Figure 1: Simple depiction of the umbrella inversion with the hydronium cation. In the cc-pVDZ basis, we represent the H_3O^+molecular problem with 29 molecular orbitals (MOs) and 10 electrons.

Figure 1: Simple depiction of the umbrella inversion with the hydronium cation. In the cc-pVDZ basis, we represent the H3O+molecular problem with 29 molecular orbitals (MOs) and 10 electrons.

However, computing the ground state energy of even this simple system is beyond the capabilities of current quantum devices. For instance, a straightforward approach using the Variational Quantum Eigensolver (VQE) algorithm with the UCCSD ansatz would yield circuits requiring over 50 qubits, millions of gates, and hundreds of thousands of variational parameters. In order to explore this problem with current quantum computing hardware, a more sophisticated workflow is necessary.

Tangelo provides pre-built algorithms and toolboxes to express complex workflows, including classical pre- and post-processing of quantum computation. It supports you in designing quantum hardware experiments and facilitates advances in quantum algorithm development. Figure 2 illustrates the main steps that occur in a quantum computing workflow for electronic structure calculations. Tangelo provides a flexible and extensible framework to explore quantum workflows with a collection of reusable building blocks that can be combined with user-defined code. We illustrate this approach in the rest of this blog post and the companion notebook.

Figure 2: Simplified representation of a quantum computing workflow for quantum chemistry problems, highlighting the main steps of the process. Dotted arrows represent optional steps. a. Problem decomposition methods (MI-FNO, etc.) can be paired with quantum algorithms, in order to lower computational resource requirements of a molecular system. b. Optional pre-processing steps aiming at designing efficient measurement protocols, or maximizing accuracy of results (circuit compilation, optimizations, etc.)

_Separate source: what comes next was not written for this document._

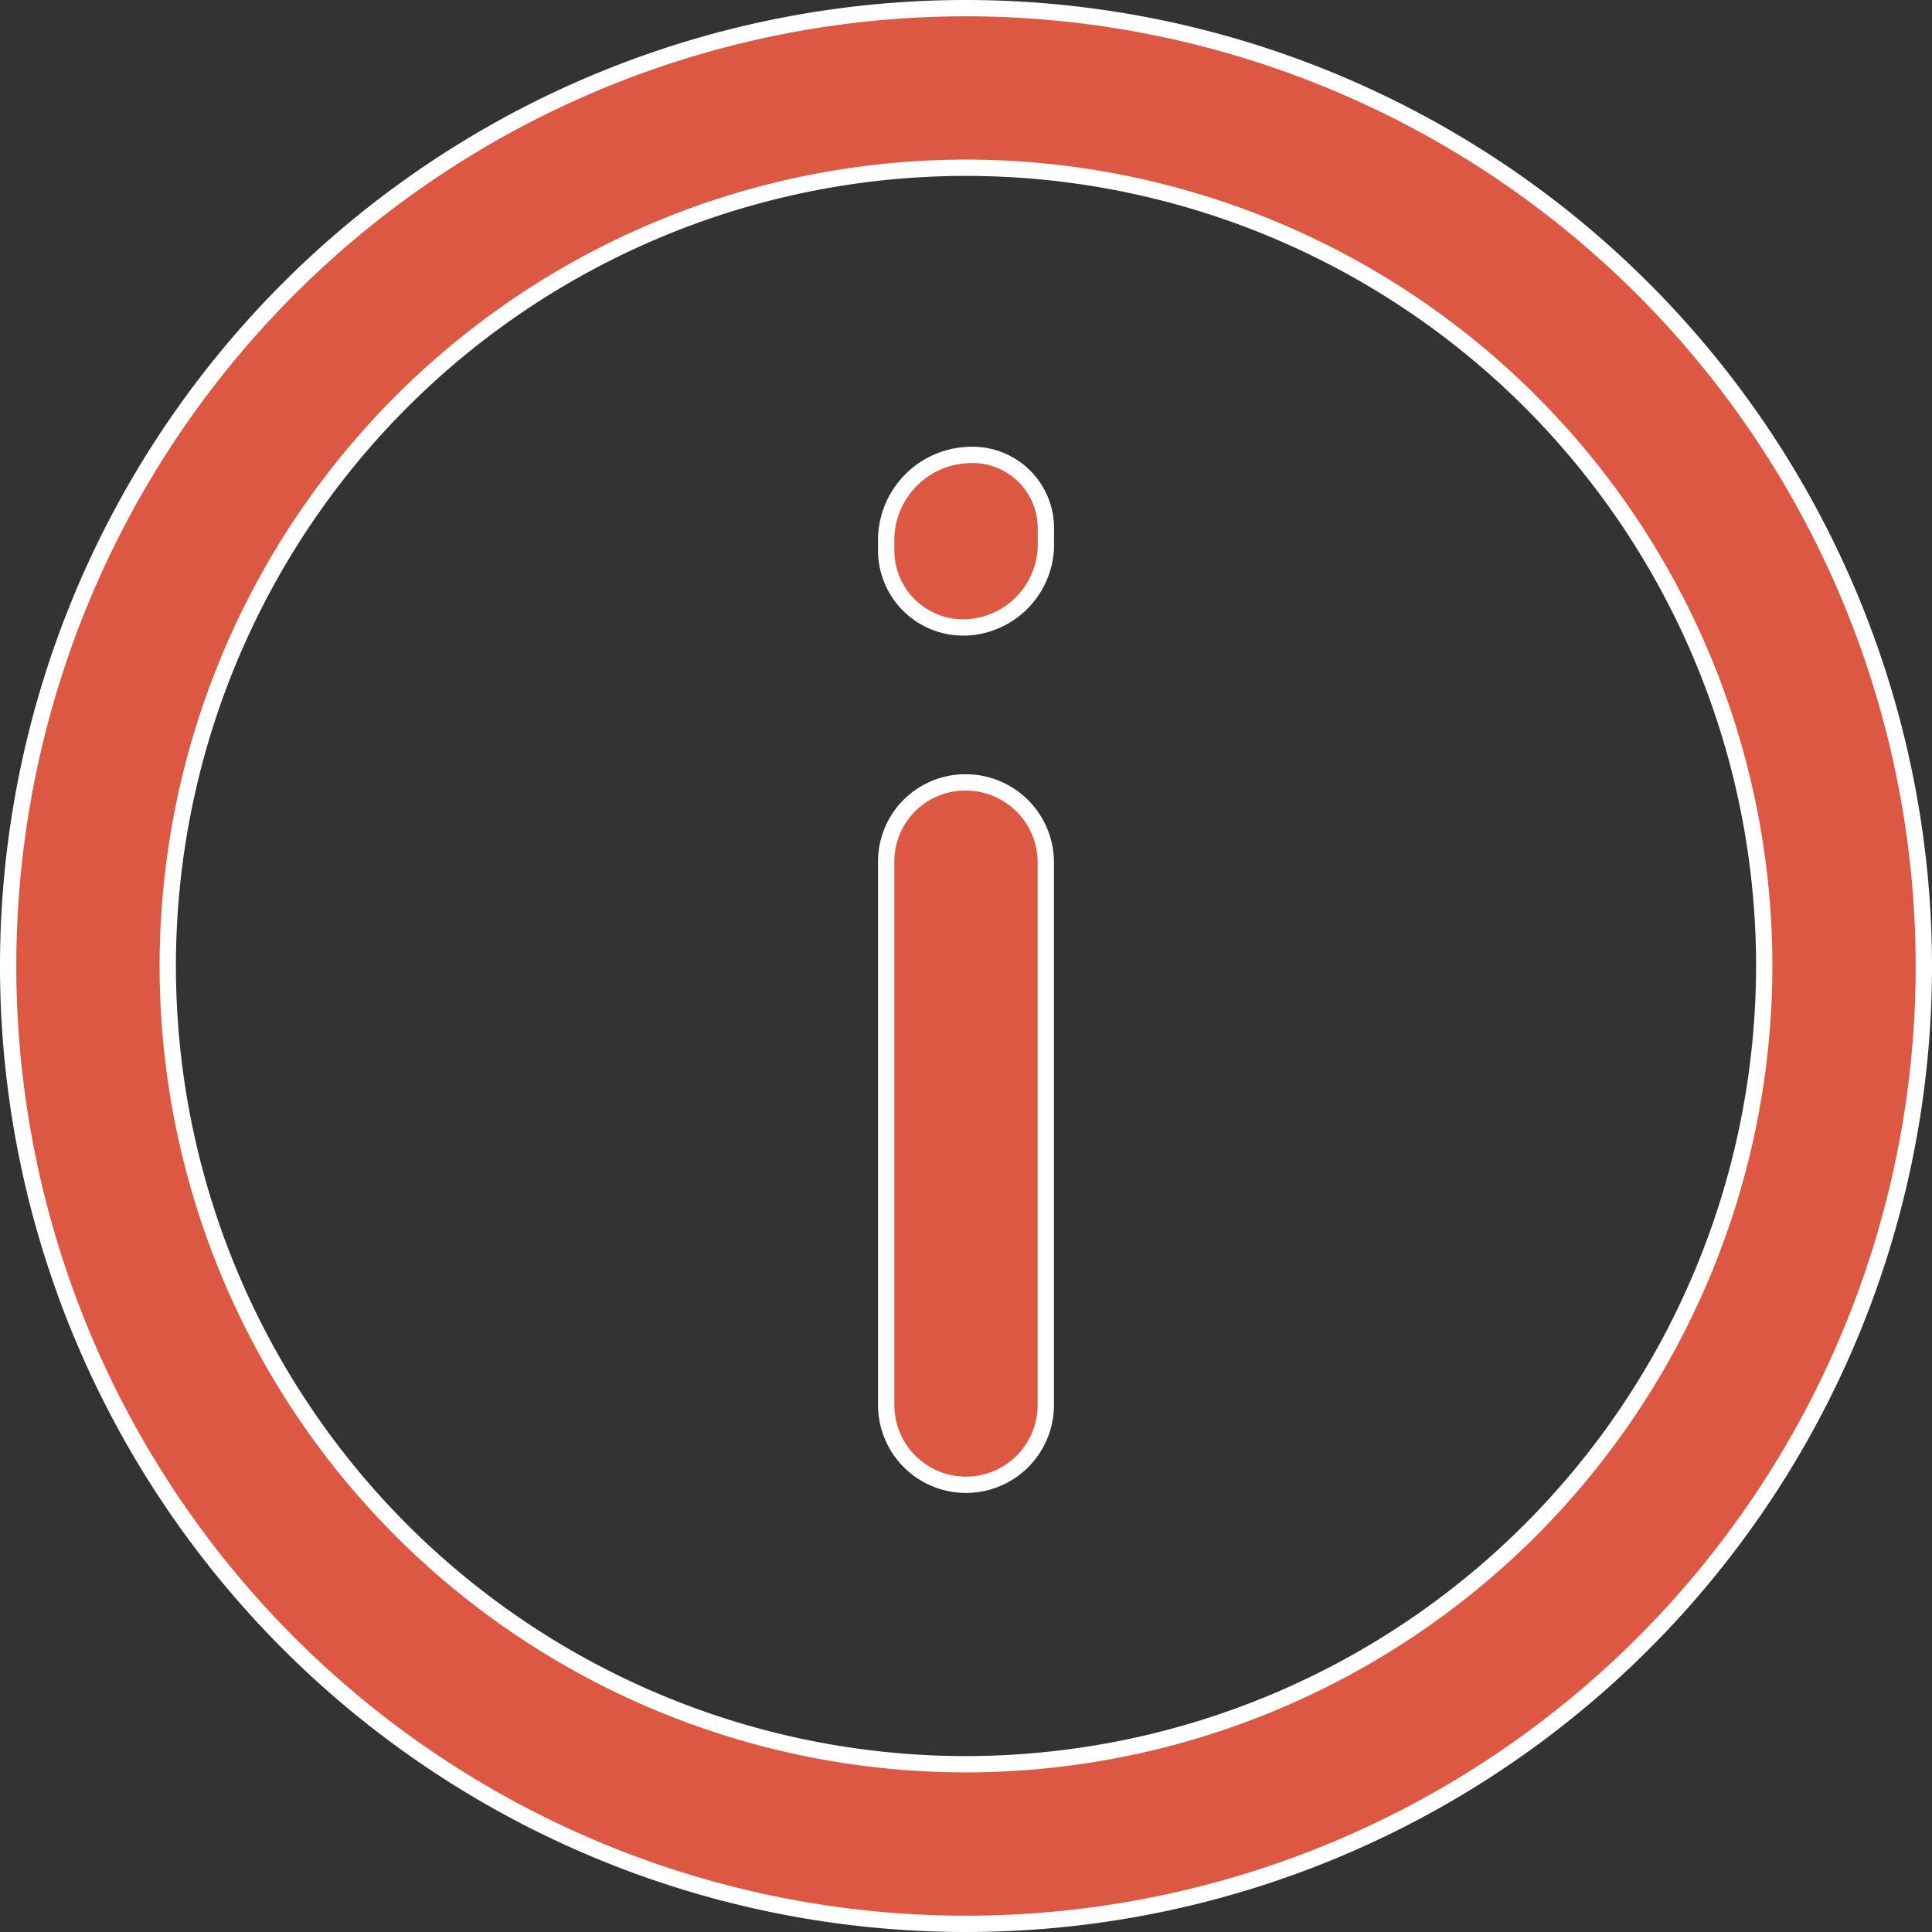 <svg xmlns="http://www.w3.org/2000/svg" width="23.7" height="23.7" viewBox="0 0 23.7 23.7"><rect x="0" y="0" width="23.7" height="23.7" fill="#333333" stroke="none"/><g transform="translate(-278.888 -2651.9)"><g transform="translate(276.988 2650)"><g transform="translate(2 2)"><path d="M13.75,2A11.75,11.75,0,1,0,25.5,13.75,11.759,11.759,0,0,0,13.75,2Zm0,21.542a9.792,9.792,0,1,1,9.792-9.792A9.8,9.8,0,0,1,13.75,23.542Z" transform="translate(-2 -2)" fill="#dd5843" stroke="#fff" stroke-width="0.2"/><path d="M8.479,6.85a.97.97,0,0,0-.979.979v6.658a.979.979,0,0,0,1.958,0V7.829A.982.982,0,0,0,8.479,6.85Z" transform="translate(3.271 2.648)" fill="#dd5843" stroke="#fff" stroke-width="0.2"/><path d="M8.5,4.8a1.047,1.047,0,0,0-1,1.018v.157a.945.945,0,0,0,.96.94h.02a1.023,1.023,0,0,0,.979-.979V5.721A.9.9,0,0,0,8.5,4.8Z" transform="translate(3.271 0.682)" fill="#dd5843" stroke="#fff" stroke-width="0.2"/></g></g></g></svg>

Figure 2: Simplified representation of a quantum computing workflow for quantum chemistry problems, highlighting the main steps of the process. Dotted arrows represent optional steps. a. Problem decomposition methods (MI-FNO, etc.) can be paired with quantum algorithms, in order to lower computational resource requirements of a molecular system. b. Optional pre-processing steps aiming at designing efficient measurement protocols, or maximizing accuracy of results (circuit compilation, optimizations, etc.)

The next sections describe how tools such as QEMIST Cloud, Tangelo and Amazon Braket can be combined to push the limits of what is possible on current quantum devices. Using these tools, we define a workflow that brings the computational requirements within reach of current quantum devices, and run an experiment on the trapped-ion IonQ device with Amazon Braket. We also describe how other algorithms in Tangelo can be used to simulate the tunneling inversion process.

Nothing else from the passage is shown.